In 2011, “Elder of Ziyon” critiqued a report in The New York Times that Khaled Meshaal, the exiled head of Hamas’ political bureau, had accepted a two-state solution and Israel’s right to exist. As “Elder of Ziyon” pointed out, Meshaal said:

“The whole world knows what Hamas thinks and what our principles are. But we are talking now about a common national agenda. The world should deal with what we are working toward now, the national political program.

“[This is] a Palestinian state in the 1967 lines with Jerusalem as its capital, without any settlements or settlers, not an inch of land swaps and respecting the right of return [of millions of Palestinian Arab “refugees” to Israel itself.]” …

“When Israel made agreements with Egypt and Jordan, no one conditioned it on how Israel should think. The Arabs and the West didn’t ask Israel what it was thinking deep inside. All Palestinians know that 60 years ago they were living on historic Palestine from the river to the sea.

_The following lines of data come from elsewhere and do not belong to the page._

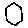
Label: hexagon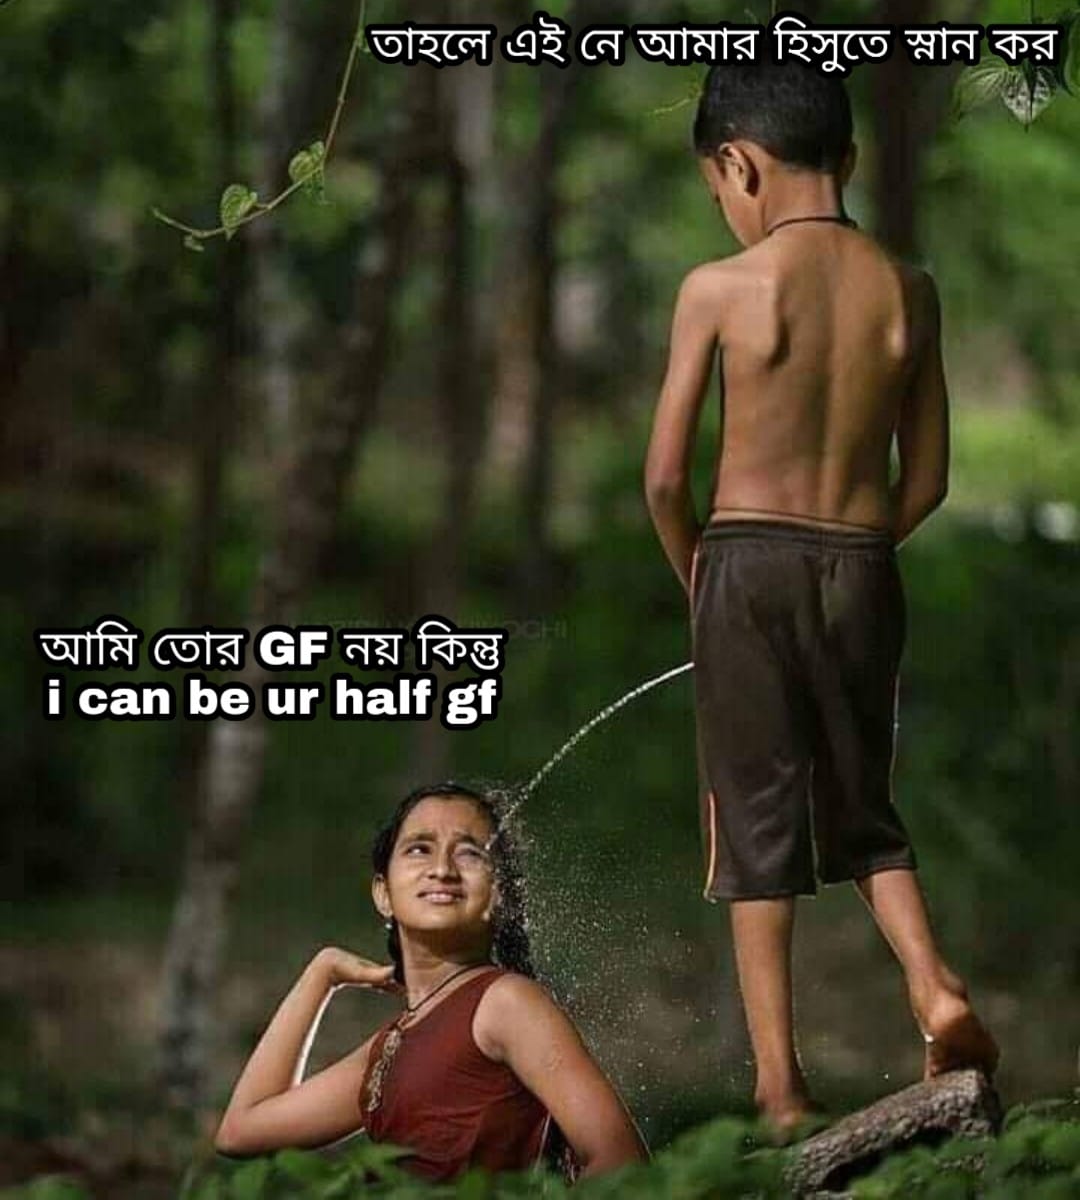
Caption: আমি তোর GF নয় কিন্তু  i can be ur half gf     তাহলে এই নে আমার হিসুতে স্নান কর
Label: hate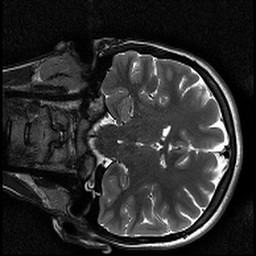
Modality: T2w
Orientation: coronal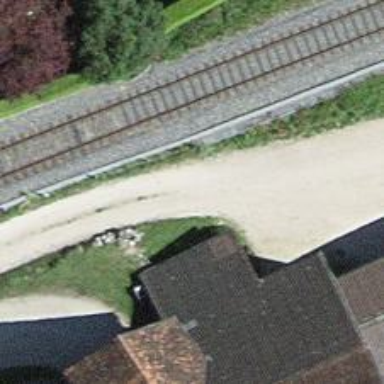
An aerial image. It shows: Track with grade 1 quality.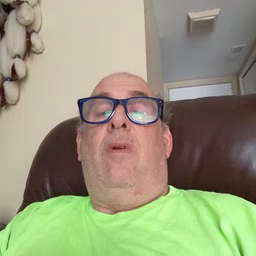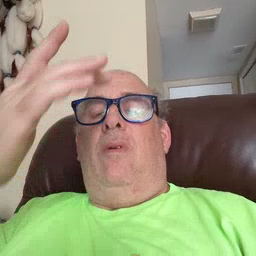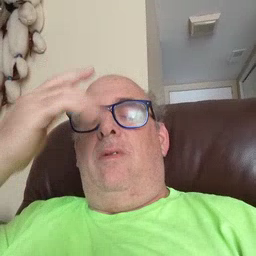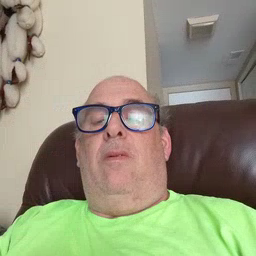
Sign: sick
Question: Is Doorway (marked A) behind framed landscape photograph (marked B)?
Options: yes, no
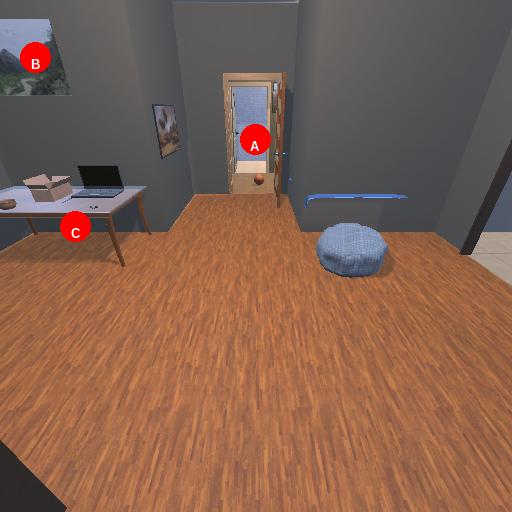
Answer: yes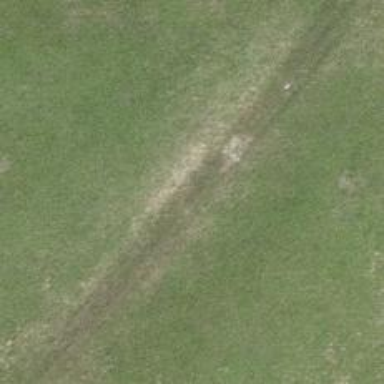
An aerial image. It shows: Path covered with grass.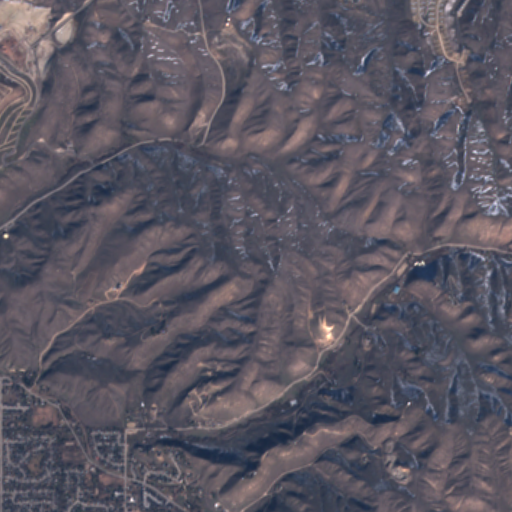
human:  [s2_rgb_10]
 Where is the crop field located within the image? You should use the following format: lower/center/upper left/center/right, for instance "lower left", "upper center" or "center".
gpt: The crop field is located in the lower left of the image.
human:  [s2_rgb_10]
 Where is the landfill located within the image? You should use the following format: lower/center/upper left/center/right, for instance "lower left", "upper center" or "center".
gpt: The landfill is located in the upper left of the image.
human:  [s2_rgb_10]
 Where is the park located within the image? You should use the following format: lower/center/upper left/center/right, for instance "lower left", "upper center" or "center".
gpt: The park is located in the lower left of the image.
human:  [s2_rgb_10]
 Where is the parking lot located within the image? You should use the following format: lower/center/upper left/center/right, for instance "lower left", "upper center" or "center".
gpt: The parking lot is located in the center left of the image.
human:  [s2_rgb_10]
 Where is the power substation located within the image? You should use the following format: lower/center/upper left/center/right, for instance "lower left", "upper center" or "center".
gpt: The power substation is located in the upper center of the image.
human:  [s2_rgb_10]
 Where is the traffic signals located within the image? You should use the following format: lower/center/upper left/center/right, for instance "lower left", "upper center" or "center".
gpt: The traffic signals is located in the lower left of the image.
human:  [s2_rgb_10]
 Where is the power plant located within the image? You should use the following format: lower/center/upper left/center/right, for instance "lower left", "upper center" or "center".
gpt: There is no power plant in the image.

It is no secret.”

Nothing in Meshaal’s words “can be remotely construed even in English as implying that he would accept Israel’s right to exist, the very definition of a two-state solution,” “Elder of Ziyon” observed.

Dore Gold, formerly the director-general of Israel’s Ministry of Foreign Affairs, wrote in 2014 that whenever there appears to be a development in Israeli-Palestinian negotiations, “there is an effort undertaken to repackage Hamas as a moderate organization.” Despite this, many “Hamas activities and statements point in the exact opposite direction of those analyses that try to soften the image of Hamas,” he noted.